10 delicious double cream recipes (2024)

These double cream recipes are a great way to use up a tub of cream. Both sweet and savoury dishes can be enhanced with some indulgent double cream.

Double cream has twice the fat content of single cream. This higher fat content means it can be whipped – great for desserts. But it's just as good poured or used to enrich sauces. Find out just how versatile double cream is with some of our favourite ways to use it:

Create a rich and creamy curry

Heat 1tbsp oil in a frying pan, and cook 1 sliced onion till softened. Stir in 2-3tbsp tikka masala curry paste and 1tbsp tomato purée, and cook for 30 secs. Stir in 400g can chopped tomatoes, 50g/2oz ground almonds and 1tsp sugar. Bring to the boil, then simmer for 5 mins. Add 250g/9oz raw tiger prawns and cook for 5 mins before stirring in a 150g carton double cream. Season and scatter with coriander.

Chill in a syllabub

Whip 4tbsp icing sugar with a 300ml carton double cream to soft peaks. Add 150ml/5fl oz sparkling rosé wine and whip to soft peaks again. Slice 4 strawberries and drop into 4 glasses, then top with syllabub mixture. Chill before serving.

Try some chocolate truffles

In a processor, whizz 3 x 100g bars 70% cocoa solids dark chocolate into small pieces. Melt chocolate then stir in a 150ml carton double cream. Chill in fridge for 1 hr. Roll into balls and toss in cocoa to coat, and leave to set completely.

Mix an after-dinner co*cktail

Stir 125ml/4fl oz cold espresso with 4tbsp each Tia Maria and vodka. Divide between 4 glasses. Whip a 150ml carton double cream and 4tbsp Baileys till just thickened and spoon over coffee mixture just before serving.

Bake a dauphinoise

Preheat oven to gas mark 3/ 170°C (150°C in a fan oven). Heat 500ml/1pt milk and a 300ml carton double cream in a large pan till bubbles appear at edge of pan. Add a 1kg bag potatoes, thinly sliced, and 2 finely chopped garlic cloves to pan, and cook for 10-15 mins. Taste and season. Butter an oven dish, pour in potatoes, and bake for about 1 hr.

Stack up a millefeuille

Preheat oven to gas mark 6/200°C (180°C in fan oven). Line a baking tray with baking parchment and sprinkle with 1tbsp sugar. Place a sheet of ready-rolled puff pastry on top, sprinkle over another tbsp sugar and cover with another sheet of baking parchment. Place a heavy baking tin on top and bake for 25 mins till crisp and golden. When cool, trim edges and cut into 3 equal pieces. Stir finely grated zest of lime and 2tbsp icing sugar into 300ml carton cream, and whip to soft peaks. Peel a small mango and cut into small chunks then fold into cream with 2 passion fruits and the juice of 1 lime. Layer cream between pastry to make a stack, and dust with icing sugar.

Make a marvellous quiche

10 delicious double cream recipes (2)

Preheat oven to gas mark 6/200°C (180°C in a fan oven). Line a 25cm/10in tart tin with ready-made shortcrust pastry. Chill for 3 mins, then cover with greaseproof paper and baking beans, and bake for 15 mins. Remove paper and beans and return to oven for 10 mins. Beat 2 eggs with a 300ml carton double cream, season and stir in a bunch of shredded basil. Place 125g/4oz halved cherry tomatoes on base, pour over egg mix and drop in spoonfuls of 75g/3oz soft goats' cheese. Grate over Parmesan cheese and bake for 25 mins.

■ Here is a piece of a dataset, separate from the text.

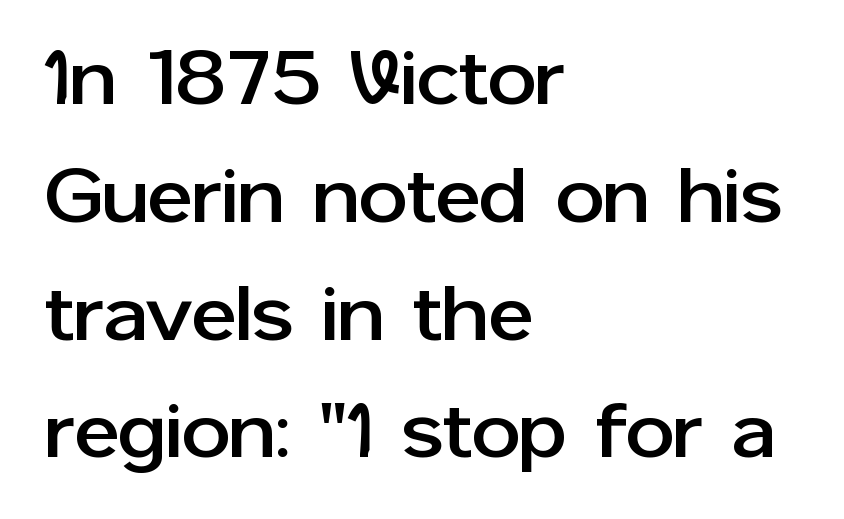
The letters sit at their default tracking, neither squeezed nor spread. Each letter's strokes conclude bluntly, with no projecting serifs. Letters rest on an invisible, unmarked baseline. A typesetter would call this proportional, since set widths differ per character. Tall strokes in this sample are plumb rather than angled. Does the copy run flush right? No — it runs flush left.

Whip up a fruity ice-cream slice

In a blender, whizz 500g pack of defrosted frozen summer fruits, then pass the purée through a sieve to remove seeds. Whisk the fruit purée with 400ml/14fl oz condensed milk and a 150ml carton double cream. Pour the mixture into a loaf tin lined with cling film, and freeze overnight. Turn out and serve in slices.

Stir a sumptuous pasta sauce

Cook 400g/14oz pasta as directed on packet. Heat 1tbsp oil in a frying pan, and cook 6 large Cumberland sausages for a few mins till starting to brown. Add 150ml/1⁄4pt white wine and bubble till reduced by half. Mix in 3-4tbsp wholegrain mustard and a 300ml carton double cream. Season, stir in a handful chopped parsley, squeeze lemon juice and the drained pasta.

Beat into a banoffee mess

Whip a 300ml carton double cream to soft peaks. Fold in 6 crumbled meringues, 6tbsp toffee sauce and 4 sliced bananas. Divide between 6 bowls, drizzle with a little extra sauce, and grate over dark chocolate to serve.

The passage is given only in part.